_Problem:_
The reply should contain every entry exactly as given, with no pictures in it.

_The input:_
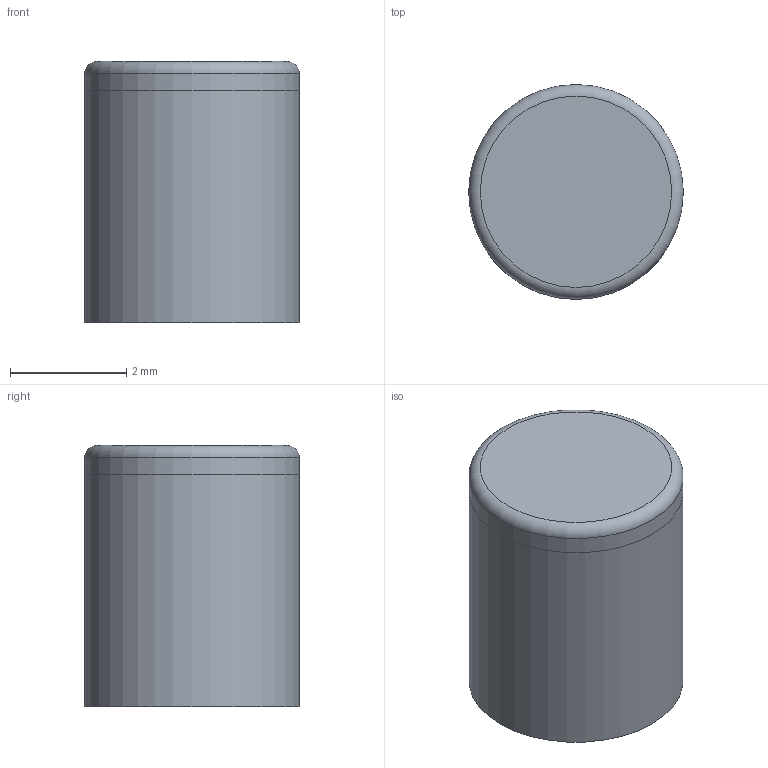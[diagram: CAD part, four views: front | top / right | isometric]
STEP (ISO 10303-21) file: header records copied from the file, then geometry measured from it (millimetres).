
FILE_DESCRIPTION(/* description */ (''),/* implementation_level */ '2;1');
FILE_NAME(/* name */ 'HS connector cap.step',/* time_stamp */ '2023-05-21T14:46:19-07:00',/* author */ (''),/* organization */ (''),/* preprocessor_version */ 'ST-DEVELOPER v19.2',/* originating_system */ 'Autodesk Translation Framework v12.4.0.73',/* authorisation */ '');
FILE_SCHEMA (('AUTOMOTIVE_DESIGN { 1 0 10303 214 3 1 1 }'));
Length unit declared in the file: millimetre
Products named in the file (1): HS-64m-cap
Bounding box: 3.7 x 3.7 x 4.5 mm (x, y, z)
Volume: 24.3 mm3; surface area: 119.8 mm2
Topology: 2 solids, 2 shells, 22 faces, 45 edges, 27 vertices
Faces by surface type: cylinder 9, plane 7, torus 5, bspline 1
Full cylindrical faces by diameter (mm): 3.2 x1, 3.7 x2
Entity records: 655 total; most frequent: CARTESIAN_POINT 128, DIRECTION 117, ORIENTED_EDGE 88, AXIS2_PLACEMENT_3D 51, EDGE_CURVE 44, CIRCLE 27, VERTEX_POINT 27, EDGE_LOOP 25

_Expected answer:_
[diagram: CAD part, four views: front | top / right | isometric]
STEP (ISO 10303-21) file: header records copied from the file, then geometry measured from it (millimetres).
FILE_DESCRIPTION(/* description */ (''),/* implementation_level */ '2;1');
FILE_NAME(/* name */ 'HS connector cap.step',/* time_stamp */ '2023-05-21T14:46:19-07:00',/* author */ (''),/* organization */ (''),/* preprocessor_version */ 'ST-DEVELOPER v19.2',/* originating_system */ 'Autodesk Translation Framework v12.4.0.73',/* authorisation */ '');
FILE_SCHEMA (('AUTOMOTIVE_DESIGN { 1 0 10303 214 3 1 1 }'));
Length unit declared in the file: millimetre
Products named in the file (1): HS-64m-cap
Bounding box: 3.7 x 3.7 x 4.5 mm (x, y, z)
Volume: 24.3 mm3; surface area: 119.8 mm2
Topology: 2 solids, 2 shells, 22 faces, 45 edges, 27 vertices
Faces by surface type: cylinder 9, plane 7, torus 5, bspline 1
Full cylindrical faces by diameter (mm): 3.2 x1, 3.7 x2
Entity records: 655 total; most frequent: CARTESIAN_POINT 128, DIRECTION 117, ORIENTED_EDGE 88, AXIS2_PLACEMENT_3D 51, EDGE_CURVE 44, CIRCLE 27, VERTEX_POINT 27, EDGE_LOOP 25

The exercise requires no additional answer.